Annoyingly, even a simple format like IWAD would still end up needing 16 
bytes per entry.

But, it can offer more flexibility (and not needing an additional 
mechanism to look things up by QName), say, if compared with a format 
like RIFF (which has an 8-byte minimum overhead per lump). Well, and the 
scheme as-is, allows lumps with <= 12 bytes of payload to encode it 
inline in a 32-byte entry, so... Might not be too far behind, may just 
make sense to use it, and then LZ compress it if it needs to be more 
compact.

> So stack IL is directly translated to register-based, unoptimised native 
> code, which reasonably efficient. Performance is usually somewhere in 
> between Tiny C and gcc-O2.)
> 

I usually go stack -> 3AC, and then 3AC -> Native.
In BGBCC, as-is, there was no separate assembler step, but I now realize 
this probably isn't ideal (and I still end up needing an assembler 
anyways, just now it is a little more of a mess as it isn't really 
cleanly separated from the rest of the 3AC->Native backend).

Long ago, when I originally write it, there was an x86 backend, which 
didn't use an assembler. For the SuperH backend, I initially skipped 
having an assembler, and my current backend (targeting my BJX2 ISA and 
also RISC-V) was derived from a fork off the SuperH backend.

So it continued in not having an assembler, and generating instructions 
with big "switch()" blocks, which also scales poorly, but sorta makes 
sense when the ISA is smallish.

The stalled out new compiler would have used an assembler, and more so, 
an assembler driven by an instruction listing table.

It stalled out though because code footprint quickly exceeded my 
original target and still wasn't done enough to be useful.

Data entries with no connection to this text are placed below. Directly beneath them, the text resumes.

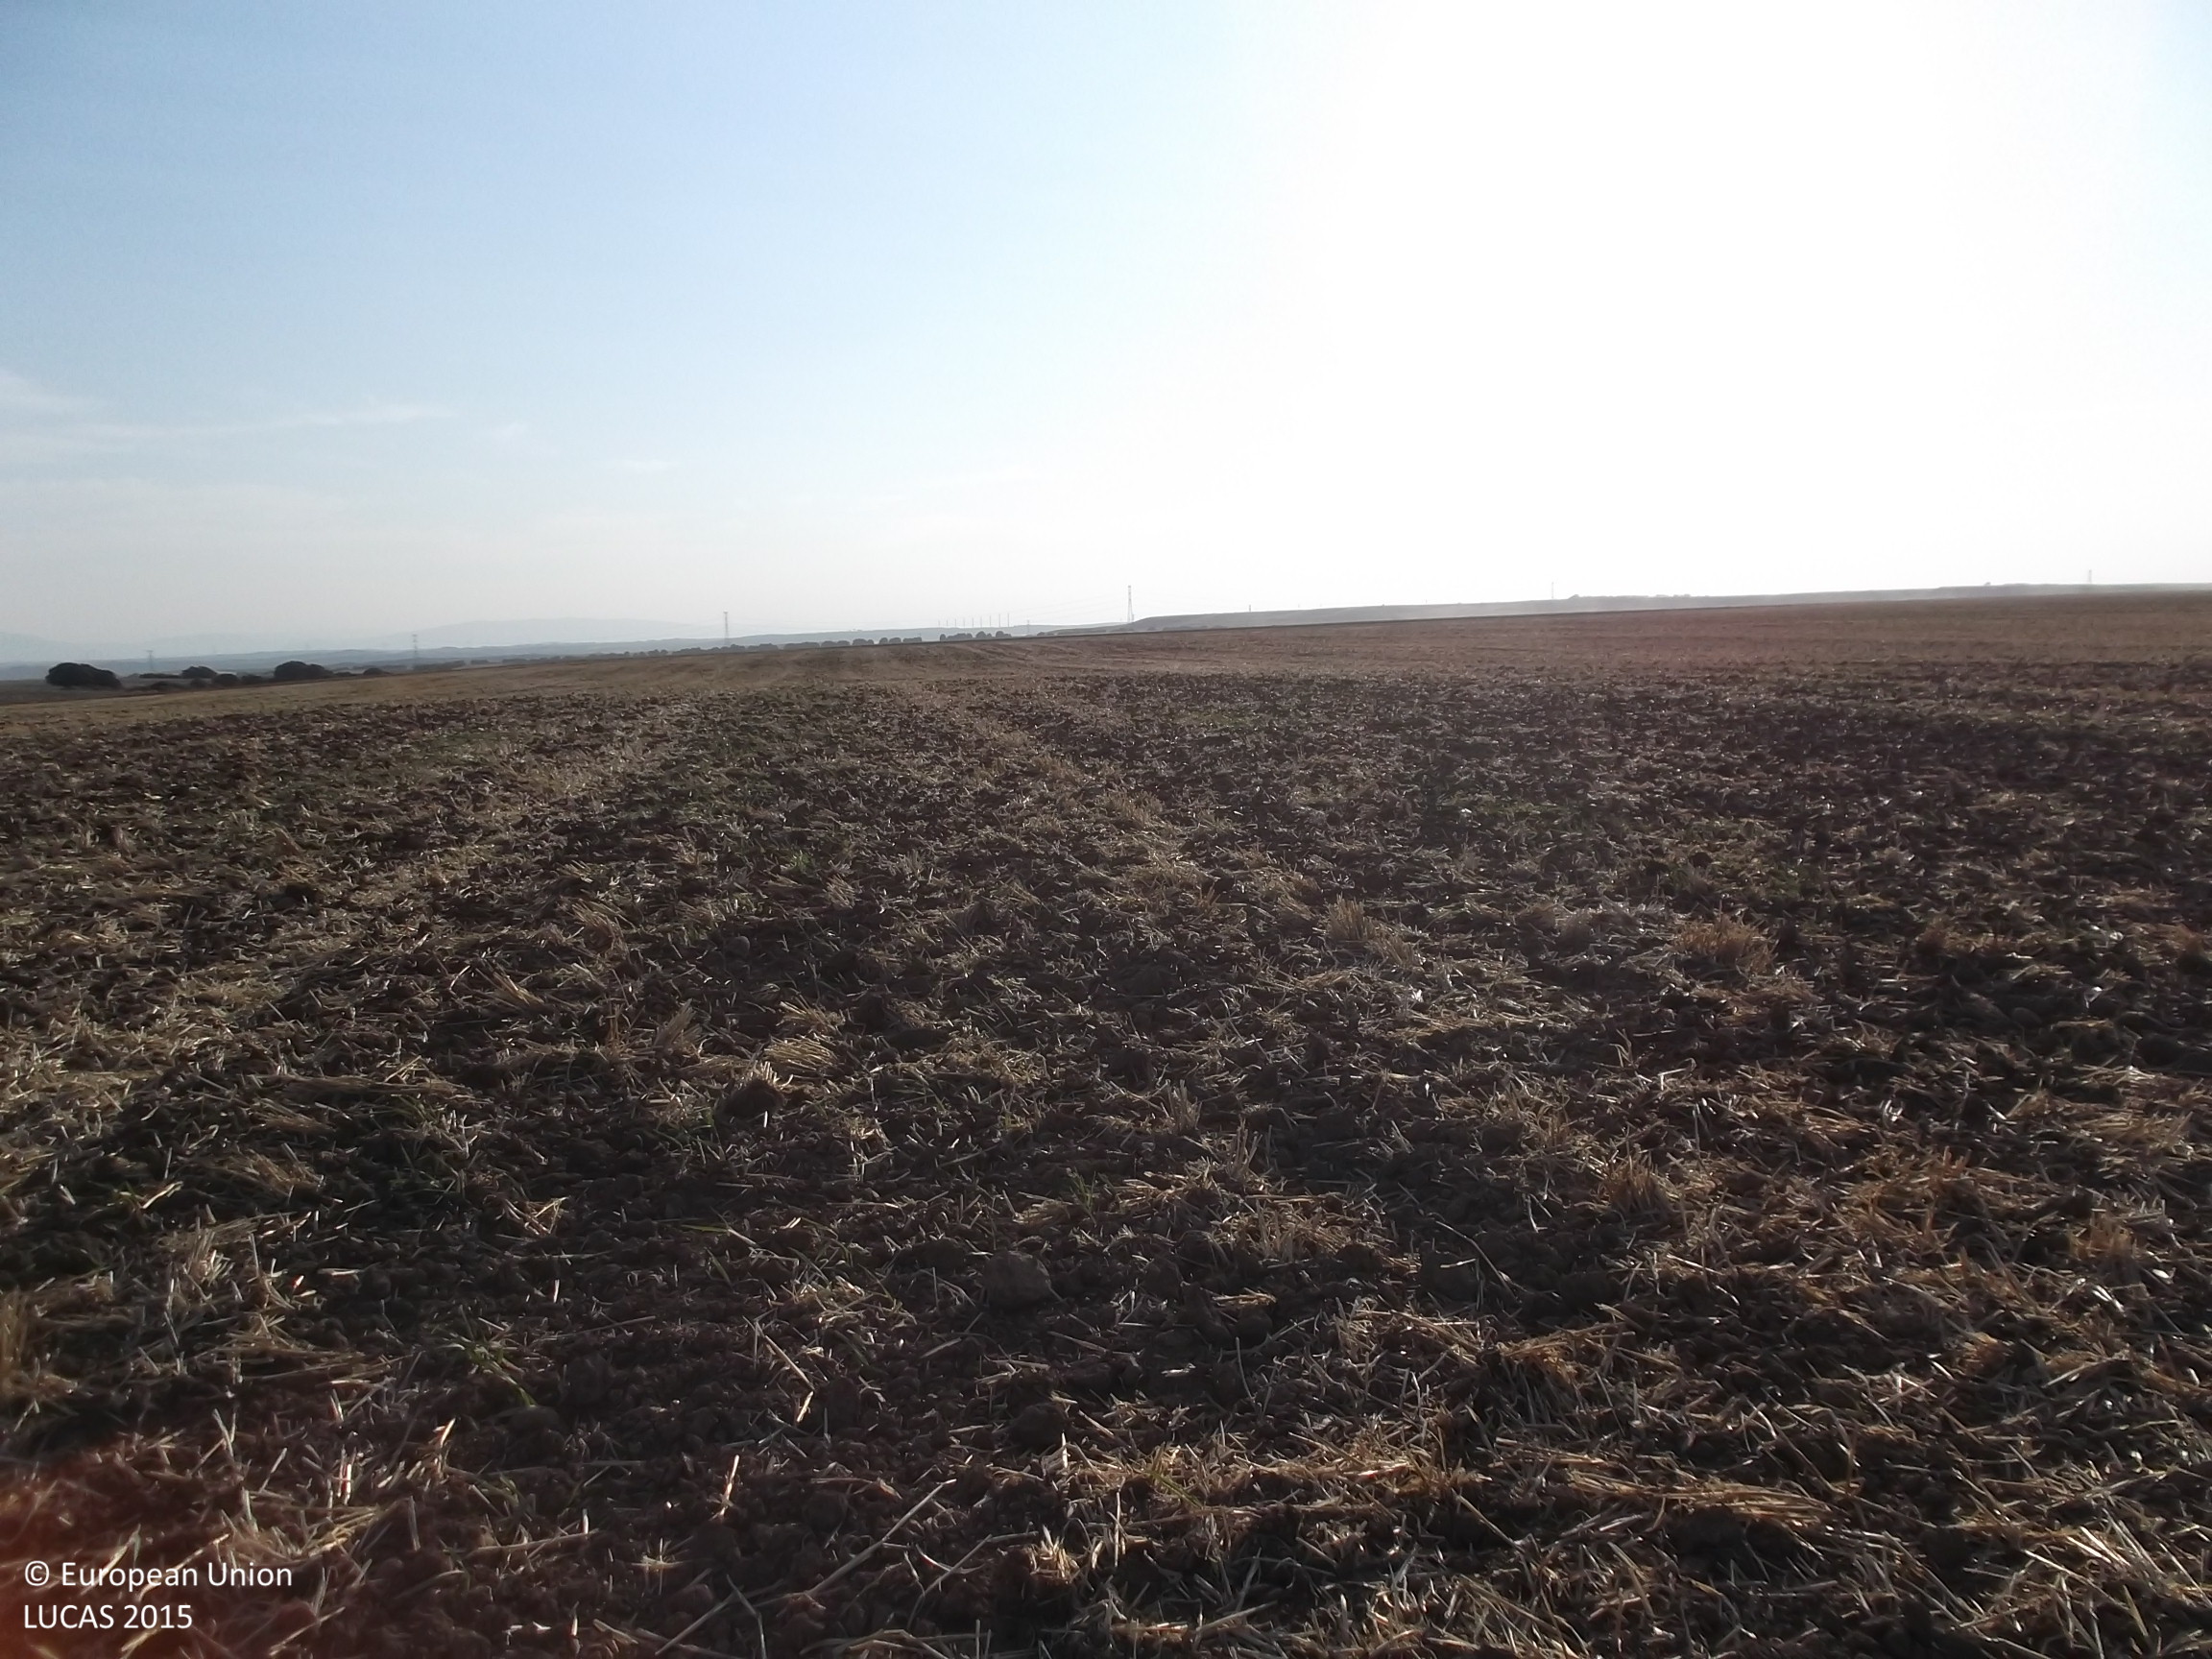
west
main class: Cropland
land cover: Barley
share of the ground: < 10 %
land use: Agriculture (excluding fallow land and kitchen gardens)
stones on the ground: < 10 %
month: July
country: ES
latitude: 42.3944
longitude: -1.6858

I was also trying for a more traditional compiler design (one 
translation unit at a time, producing native object files as an 
intermediate step, with a native-code linker). I suspect now this may 
have been a mistake, and Frontend->IL + IL->Native may be a better option.

[toc] | [prev] | [next] | [standalone]

#394578

From	bart <bc@freeuk.com>
Date	2025-10-17 22:07 +0100
Message-ID	<10cub5m$1ch30$1@dont-email.me>
In reply to	#394560

On 15/10/2025 19:00, BGB wrote:
> On 10/15/2025 5:26 AM, bart wrote:
>> On 15/10/2025 02:13, BGB wrote:
>>
>>> Apparently the languages people are trying to push as C replacements 
>>> are mostly Rust, Zig, and Go.
>>>
>>> None of these particularly compel me though.
>>>    They seem more like needless deviations from C than a true successor.
>>
>> So what would a true successor look like?
>>
> 
> Probably sorta like C with a few vaguely C++ like features, but with a 
> cleaner and simpler design.
> 
> Should ideally be usable for similar stuff to C.
>    Not drastically or needlessly different.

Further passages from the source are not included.